Electrochemical Hydrogenation of CO on Cu(100): Insights from Accurate Multiconfigurational Wavefunction Methods.

Copper (Cu) remains the most efficacious electrocatalyst for electrochemical CO 2 reduction (CO 2 R). Its activity and selectivity are highly facet-dependent. We recently examined the commonly proposed rate-limiting CO hydrogenation step on Cu(111) via embedded correlated wavefunction (ECW) theory and demonstrated that only this higher-level theory yields predictions consistent with potential-dependent experimental kinetics. Here, to understand the differing activities of Cu(111) and Cu(100) in catalyzing CO 2 R, we explore CO hydrogenation on Cu(100) using ECW theory.
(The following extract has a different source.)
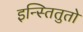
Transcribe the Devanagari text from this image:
इन्स्तितुतो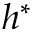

We predict that the preferred pathway involves the reduction of adsorbed CO (*CO) to *COH via proton-coupled electron transfer (PCET) at working potentials, although *CHO also may form with a kinetically accessible but higher barrier. In contrast, our earlier work on Cu(111) concluded that *COH and *CHO formation via PCET are equally feasible. This work illustrates one possible origin of the facet dependence of CO 2 R mechanisms and products on Cu electrodes and sheds light on how the selectivity of CO 2 R electrocatalysts can be controlled by the surface morphology.